Changes in HDL Cholesterol and Cardiovascular Outcomes After Lipid Modification Therapy
Are increases in high-density lipoprotein cholesterol (HDL-C) after starting lipid-modifying therapy (LMT) associated with a reduction in cardiovascular outcomes, independent of changes in low-density lipoprotein cholesterol (LDL-C)?
A total of 1,148 participants, 446 from the EPIC-Norfolk and 702 from the Rotterdam general population studies conducted between 1993 and 1997, were assessed for lipids before and after starting LMT. Subsequent risk of cardiovascular events, ascertained through linkage with mortality records and hospital databases, was investigated using Cox proportional hazards regression. Random-effects meta-analysis was used to combine results across studies.
Mean age was 63 years, about 50% were female, and mean HDL at first visit was 50 ± 13 mg/dl. Based on combined data from the EPIC-Norfolk and Rotterdam studies, there was some evidence that change in HDL-C resulting from LMT was associated with reduced cardiovascular risk (hazard ratio per pooled standard deviation [=0.34 mmol/L = 13.1 mg/dl] increase = 0.74; 95% confidence interval, 0.56-0.99; adjusted for age, sex, and baseline HDL-C). However, this association was attenuated and was not (statistically) significant with further adjustments for non-HDL-C and for cigarette smoking history, prevalent diabetes, systolic blood pressure, body mass index, use of antihypertensive medication, previous myocardial infarction, prevalent angina, and previous stroke.
Following adjustment for conventional non-lipid risk factors of cardiovascular disease, this study provides no evidence to support a significant benefit from increasing HDL-C independent of the effect of lowering non-HDL-C.

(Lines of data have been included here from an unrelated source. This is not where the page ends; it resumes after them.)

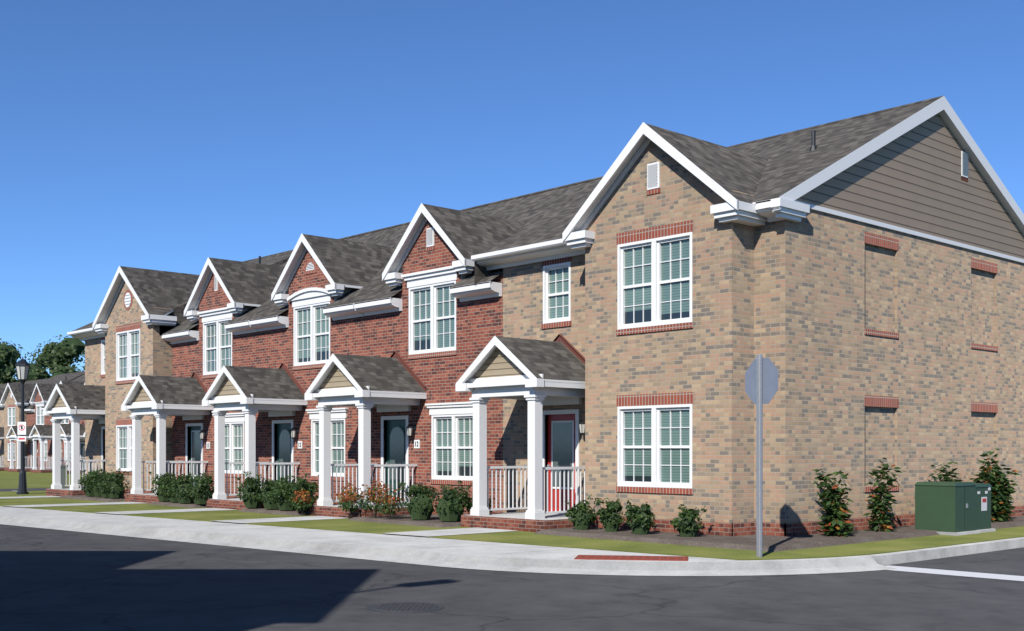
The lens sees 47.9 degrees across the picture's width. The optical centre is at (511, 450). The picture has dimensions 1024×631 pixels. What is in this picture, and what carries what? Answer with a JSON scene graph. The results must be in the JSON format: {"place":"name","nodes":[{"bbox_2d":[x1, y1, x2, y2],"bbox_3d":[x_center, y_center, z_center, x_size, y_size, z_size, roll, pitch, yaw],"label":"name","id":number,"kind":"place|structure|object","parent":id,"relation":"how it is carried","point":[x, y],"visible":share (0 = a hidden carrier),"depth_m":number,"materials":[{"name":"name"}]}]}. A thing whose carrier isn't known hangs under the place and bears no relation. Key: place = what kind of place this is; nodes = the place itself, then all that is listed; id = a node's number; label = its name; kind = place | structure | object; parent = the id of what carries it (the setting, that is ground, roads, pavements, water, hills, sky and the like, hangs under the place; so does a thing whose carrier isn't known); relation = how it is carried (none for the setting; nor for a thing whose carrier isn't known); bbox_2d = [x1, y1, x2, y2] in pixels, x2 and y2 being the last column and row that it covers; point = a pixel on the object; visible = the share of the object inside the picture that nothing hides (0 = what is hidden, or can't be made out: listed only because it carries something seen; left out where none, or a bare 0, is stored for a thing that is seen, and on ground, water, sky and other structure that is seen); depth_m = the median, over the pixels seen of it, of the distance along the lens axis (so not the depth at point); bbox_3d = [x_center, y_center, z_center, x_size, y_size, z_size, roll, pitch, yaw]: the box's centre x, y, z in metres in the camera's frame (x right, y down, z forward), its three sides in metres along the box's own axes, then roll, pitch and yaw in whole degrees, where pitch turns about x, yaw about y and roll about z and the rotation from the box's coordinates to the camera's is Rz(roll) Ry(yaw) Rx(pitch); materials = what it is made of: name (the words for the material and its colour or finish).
{"place":"outdoors","nodes":[
{"label":"outdoors","id":0,"kind":"place"},
{"bbox_2d":[0,378,49,400],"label":"roof","id":1,"kind":"structure","parent":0,"point":[2,388],"depth_m":111.97,"materials":[{"name":"grey"}]},
{"bbox_2d":[0,471,84,488],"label":"lawn","id":2,"kind":"structure","parent":0,"point":[9,480],"depth_m":66.76,"materials":[{"name":"green plant"}]},
{"bbox_2d":[0,338,29,383],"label":"tree","id":3,"kind":"object","parent":2,"relation":"on","point":[9,355],"visible":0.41,"depth_m":163.23,"materials":[{"name":"green plant"}]},
{"bbox_2d":[0,390,84,468],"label":"townhouse walls","id":4,"kind":"structure","parent":2,"relation":"on","point":[30,419],"depth_m":96.48,"materials":[{"name":"beige brick"}]},
{"bbox_2d":[0,371,84,409],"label":"roof","id":5,"kind":"structure","parent":4,"relation":"on","point":[45,388],"depth_m":97.04,"materials":[{"name":"grey"}]},
{"bbox_2d":[0,393,84,470],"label":"townhouse trim","id":6,"kind":"structure","parent":4,"relation":"attached to","point":[26,411],"depth_m":95.92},
{"bbox_2d":[3,402,84,469],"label":"windows","id":7,"kind":"structure","parent":4,"relation":"in","point":[39,415],"depth_m":94.53,"materials":[{"name":"white glass"}]},
{"bbox_2d":[0,468,84,473],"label":"far porch stoops","id":8,"kind":"object","parent":2,"relation":"on","point":[31,470],"visible":0.41,"depth_m":90.76,"materials":[{"name":"red brick"}]},
{"bbox_2d":[0,427,3,466],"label":"porch","id":9,"kind":"object","parent":8,"relation":"on","point":[1,433],"visible":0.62,"depth_m":98.94,"materials":[{"name":"white wood"}]},
{"bbox_2d":[6,424,33,468],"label":"porch","id":10,"kind":"object","parent":8,"relation":"on","point":[12,435],"visible":0.73,"depth_m":94.39,"materials":[{"name":"white wood"}]},
{"bbox_2d":[29,425,51,469],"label":"porch","id":11,"kind":"object","parent":8,"relation":"on","point":[42,433],"visible":0.76,"depth_m":90.59,"materials":[{"name":"white wood"}]},
{"bbox_2d":[61,422,84,469],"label":"porch","id":12,"kind":"object","parent":8,"relation":"on","point":[66,432],"visible":0.37,"depth_m":86.65,"materials":[{"name":"white wood"}]},
{"bbox_2d":[6,335,84,381],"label":"tree","id":13,"kind":"object","parent":2,"relation":"on","point":[55,358],"visible":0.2,"depth_m":158.91,"materials":[{"name":"green plant"}]},
{"bbox_2d":[0,487,1023,630],"bbox_3d":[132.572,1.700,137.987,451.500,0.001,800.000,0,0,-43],"label":"road asphalt","id":14,"kind":"structure","parent":0,"point":[56,580],"depth_m":13.61,"materials":[{"name":"grey asphalt"}]},
{"bbox_2d":[366,602,443,612],"bbox_3d":[-1.157,1.701,12.457,0.840,0.038,0.840,0,0,-43],"label":"manhole cover","id":15,"kind":"object","parent":14,"relation":"on","point":[408,607],"visible":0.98,"depth_m":12.36,"materials":[{"name":"metal"}]},
{"bbox_2d":[887,565,1023,580],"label":"road markings","id":16,"kind":"object","parent":14,"relation":"on","point":[964,573],"visible":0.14,"depth_m":15.89,"materials":[{"name":"paint"}]},
{"bbox_2d":[0,506,1023,575],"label":"sidewalk","id":17,"kind":"structure","parent":0,"point":[467,554],"depth_m":18.42,"materials":[{"name":"concrete"}]},
{"bbox_2d":[574,555,687,560],"bbox_3d":[1.721,1.546,16.576,1.600,0.027,0.600,0,0,9],"label":"tactile warning pad","id":18,"kind":"object","parent":17,"relation":"on","point":[626,557],"visible":1,"depth_m":16.53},
{"bbox_2d":[0,490,1023,559],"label":"lawn","id":19,"kind":"structure","parent":0,"point":[845,550],"depth_m":20.57,"materials":[{"name":"green plant"}]},
{"bbox_2d":[15,357,29,493],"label":"lamp post","id":20,"kind":"object","parent":19,"relation":"on","point":[22,365],"visible":0.99,"depth_m":40.42,"materials":[{"name":"black metal"}]},
{"bbox_2d":[61,465,67,487],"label":"telecom pedestal","id":21,"kind":"object","parent":19,"relation":"on","point":[64,474],"visible":0.23,"depth_m":41.83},
{"bbox_2d":[0,496,517,536],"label":"garden paths","id":22,"kind":"structure","parent":19,"relation":"on","point":[442,532],"depth_m":25.90,"materials":[{"name":"concrete"}]},
{"bbox_2d":[46,488,574,531],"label":"porch stoops","id":23,"kind":"object","parent":19,"relation":"on","point":[518,521],"visible":0.43,"depth_m":25.71,"materials":[{"name":"red brick"}]},
{"bbox_2d":[43,384,104,489],"bbox_3d":[-14.515,-0.548,39.047,1.820,3.696,2.360,0,0,-43],"label":"porch","id":24,"kind":"object","parent":23,"relation":"on","point":[75,405],"visible":0.68,"depth_m":38.51,"materials":[{"name":"white wood"}]},
{"bbox_2d":[121,372,213,493],"bbox_3d":[-10.305,-0.548,34.495,1.820,3.696,2.360,0,0,-43],"label":"porch","id":25,"kind":"object","parent":23,"relation":"on","point":[160,398],"visible":0.76,"depth_m":34.09,"materials":[{"name":"white wood"}]},
{"bbox_2d":[202,362,306,498],"bbox_3d":[-6.875,-0.548,30.788,1.820,3.696,2.360,0,0,-43],"label":"porch","id":26,"kind":"object","parent":23,"relation":"on","point":[250,392],"visible":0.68,"depth_m":30.42,"materials":[{"name":"white wood"}]},
{"bbox_2d":[305,351,425,507],"bbox_3d":[-3.446,-0.548,27.081,1.820,3.696,2.360,0,0,-43],"label":"porch","id":27,"kind":"object","parent":23,"relation":"on","point":[364,385],"visible":0.78,"depth_m":26.68,"materials":[{"name":"white wood"}]},
{"bbox_2d":[455,334,584,518],"bbox_3d":[0.330,-0.548,23.000,1.820,3.696,2.360,0,0,-43],"label":"porch","id":28,"kind":"object","parent":23,"relation":"on","point":[534,373],"visible":0.93,"depth_m":22.58,"materials":[{"name":"white wood"}]},
{"bbox_2d":[357,480,389,517],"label":"flowering shrub","id":29,"kind":"object","parent":19,"relation":"on","point":[371,498],"visible":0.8,"depth_m":24.96,"materials":[{"name":"orange plant"}]},
{"bbox_2d":[373,485,404,518],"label":"flowering shrub","id":30,"kind":"object","parent":19,"relation":"on","point":[389,501],"visible":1,"depth_m":24.48,"materials":[{"name":"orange plant"}]},
{"bbox_2d":[58,495,1023,551],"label":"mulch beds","id":31,"kind":"object","parent":19,"relation":"on","point":[777,543],"visible":0.57,"depth_m":20.15,"materials":[{"name":"brown soil"}]},
{"bbox_2d":[78,469,99,495],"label":"boxwood","id":32,"kind":"object","parent":31,"relation":"on","point":[87,491],"visible":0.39,"depth_m":36.31,"materials":[{"name":"green plant"}]},
{"bbox_2d":[84,468,113,496],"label":"shrub","id":33,"kind":"object","parent":31,"relation":"on","point":[92,476],"visible":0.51,"depth_m":35.84,"materials":[{"name":"green plant"}]},
{"bbox_2d":[94,470,119,497],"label":"boxwood","id":34,"kind":"object","parent":31,"relation":"on","point":[104,494],"visible":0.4,"depth_m":35.28,"materials":[{"name":"green plant"}]},
{"bbox_2d":[98,468,131,497],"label":"shrub","id":35,"kind":"object","parent":31,"relation":"on","point":[114,487],"visible":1,"depth_m":34.79,"materials":[{"name":"green plant"}]},
{"bbox_2d":[148,472,175,500],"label":"boxwood","id":36,"kind":"object","parent":31,"relation":"on","point":[160,495],"visible":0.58,"depth_m":32.69,"materials":[{"name":"green plant"}]},
{"bbox_2d":[159,472,192,501],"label":"shrub","id":37,"kind":"object","parent":31,"relation":"on","point":[165,485],"visible":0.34,"depth_m":32.10,"materials":[{"name":"green plant"}]},
{"bbox_2d":[169,473,204,502],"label":"shrub","id":38,"kind":"object","parent":31,"relation":"on","point":[181,484],"visible":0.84,"depth_m":31.52,"materials":[{"name":"green plant"}]},
{"bbox_2d":[186,473,213,503],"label":"boxwood","id":39,"kind":"object","parent":31,"relation":"on","point":[202,492],"visible":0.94,"depth_m":30.95,"materials":[{"name":"green plant"}]},
{"bbox_2d":[234,471,262,507],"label":"shrub","id":40,"kind":"object","parent":31,"relation":"on","point":[248,498],"visible":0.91,"depth_m":28.89,"materials":[{"name":"green plant"}]},
{"bbox_2d":[255,474,291,508],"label":"boxwood","id":41,"kind":"object","parent":31,"relation":"on","point":[266,501],"visible":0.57,"depth_m":28.32,"materials":[{"name":"green plant"}]},
{"bbox_2d":[267,473,306,509],"bbox_3d":[-5.456,0.995,28.005,1.062,0.895,0.942,0,0,-43],"label":"boxwood","id":42,"kind":"object","parent":31,"relation":"on","point":[281,501],"visible":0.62,"depth_m":27.79,"materials":[{"name":"green plant"}]},
{"bbox_2d":[290,489,313,514],"bbox_3d":[-4.925,1.221,27.083,0.546,0.612,0.561,0,0,-43],"label":"nandina","id":43,"kind":"object","parent":31,"relation":"on","point":[301,498],"visible":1,"depth_m":26.97,"materials":[{"name":"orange plant"}]},
{"bbox_2d":[287,474,318,510],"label":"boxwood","id":44,"kind":"object","parent":31,"relation":"on","point":[303,484],"visible":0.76,"depth_m":27.40,"materials":[{"name":"green plant"}]},
{"bbox_2d":[335,482,364,518],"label":"flowering shrub","id":45,"kind":"object","parent":31,"relation":"on","point":[348,497],"visible":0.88,"depth_m":25.57,"materials":[{"name":"orange plant"}]},
{"bbox_2d":[398,482,442,519],"bbox_3d":[-1.971,1.047,24.268,0.874,0.796,0.897,0,0,-43],"label":"boxwood","id":46,"kind":"object","parent":31,"relation":"on","point":[419,507],"visible":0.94,"depth_m":24.10,"materials":[{"name":"green plant"}]},
{"bbox_2d":[426,480,472,520],"bbox_3d":[-1.202,1.021,23.707,0.956,0.848,0.974,0,0,-43],"label":"boxwood","id":47,"kind":"object","parent":31,"relation":"on","point":[450,506],"visible":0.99,"depth_m":23.51,"materials":[{"name":"green plant"}]},
{"bbox_2d":[465,497,494,513],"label":"boxwood","id":48,"kind":"object","parent":31,"relation":"on","point":[469,507],"visible":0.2,"depth_m":23.82,"materials":[{"name":"green plant"}]},
{"bbox_2d":[563,494,599,529],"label":"boxwood","id":49,"kind":"object","parent":31,"relation":"on","point":[583,517],"visible":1,"depth_m":21.25,"materials":[{"name":"green plant"}]},
{"bbox_2d":[594,497,624,531],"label":"shrub","id":50,"kind":"object","parent":31,"relation":"on","point":[610,519],"visible":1,"depth_m":20.75,"materials":[{"name":"green plant"}]},
{"bbox_2d":[624,498,655,534],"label":"shrub","id":51,"kind":"object","parent":31,"relation":"on","point":[640,522],"visible":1,"depth_m":20.06,"materials":[{"name":"green plant"}]},
{"bbox_2d":[670,504,708,536],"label":"shrub","id":52,"kind":"object","parent":31,"relation":"on","point":[686,526],"visible":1,"depth_m":19.47,"materials":[{"name":"green plant"}]},
{"bbox_2d":[812,468,854,536],"bbox_3d":[5.514,0.984,19.748,0.678,1.396,0.688,0,0,-14],"label":"shrub","id":53,"kind":"object","parent":31,"relation":"on","point":[833,504],"visible":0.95,"depth_m":19.70,"materials":[{"name":"green plant"}]},
{"bbox_2d":[862,458,907,531],"bbox_3d":[6.693,0.931,20.881,0.589,1.608,0.720,0,0,-24],"label":"shrub","id":54,"kind":"object","parent":31,"relation":"on","point":[877,506],"visible":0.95,"depth_m":20.82,"materials":[{"name":"green plant"}]},
{"bbox_2d":[927,460,963,481],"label":"shrub","id":55,"kind":"object","parent":31,"relation":"on","point":[946,477],"visible":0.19,"depth_m":22.66,"materials":[{"name":"green plant"}]},
{"bbox_2d":[969,462,997,522],"bbox_3d":[9.582,0.985,23.590,0.577,1.496,0.743,0,0,-43],"label":"shrub","id":56,"kind":"object","parent":31,"relation":"on","point":[981,475],"visible":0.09,"depth_m":23.51,"materials":[{"name":"green plant"}]},
{"bbox_2d":[974,448,1009,521],"bbox_3d":[9.933,0.856,23.838,0.558,1.805,0.693,0,0,-43],"label":"shrub","id":57,"kind":"object","parent":31,"relation":"on","point":[996,506],"visible":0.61,"depth_m":23.73,"materials":[{"name":"green plant"}]},
{"bbox_2d":[993,468,1019,521],"bbox_3d":[10.181,1.019,24.002,0.723,1.355,0.597,0,0,16],"label":"shrub","id":58,"kind":"object","parent":31,"relation":"on","point":[1008,489],"visible":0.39,"depth_m":23.87,"materials":[{"name":"green plant"}]},
{"bbox_2d":[85,113,1023,522],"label":"townhouse walls","id":59,"kind":"structure","parent":19,"relation":"on","point":[807,301],"depth_m":22.20,"materials":[{"name":"beige brick"}]},
{"bbox_2d":[99,220,693,513],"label":"windows","id":60,"kind":"structure","parent":59,"relation":"in","point":[654,294],"depth_m":25.82,"materials":[{"name":"white glass"}]},
{"bbox_2d":[67,151,1023,536],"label":"townhouse trim","id":61,"kind":"structure","parent":59,"relation":"attached to","point":[761,213],"depth_m":23.78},
{"bbox_2d":[71,96,1023,335],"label":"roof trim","id":62,"kind":"structure","parent":59,"relation":"on","point":[794,165],"depth_m":26.21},
{"bbox_2d":[745,354,777,556],"bbox_3d":[3.577,0.087,16.620,0.050,2.935,0.660,0,0,-33],"label":"stop sign","id":63,"kind":"object","parent":19,"relation":"on","point":[761,380],"visible":0.99,"depth_m":16.63,"materials":[{"name":"aluminium"},{"name":"galvanized steel"}]},
{"bbox_2d":[914,481,995,535],"bbox_3d":[8.309,1.070,21.663,1.640,0.970,0.900,0,0,-43],"label":"utility box","id":64,"kind":"object","parent":19,"relation":"on","point":[951,508],"visible":0.92,"depth_m":21.20,"materials":[{"name":"green painted metal"},{"name":"concrete"}]},
{"bbox_2d":[0,0,1023,379],"label":"sky","id":65,"kind":"structure","parent":0,"point":[162,135],"materials":[{"name":"blue"}]}
]}

The ‘good cholesterol’ hypothesis is taking a beating from many fronts, several of which are concerning. But this analysis of the effect raising HDL-C by LMT in a population study is among the least valuable. Lessons learned from many clinical trials developed based upon epidemiologic data are that a specific population (e.g., defined by cardiovascular risk, lipid phenotype, diabetes) needs to be treated with specific drugs (placebo-controlled) to be able to demonstrate the value of a targeted strategy. To draw conclusions about the value of a change in HDL-C when the mean HDL-C is 50 mg/dl at baseline provides little to no information of value. Also, the findings are not consistent with a recent analysis of observational data from the Framingham Offspring Study, which suggests that HDL-C differences resulting from LMT may be relevant to cardiovascular benefit after adjusting for changes in LDL-C.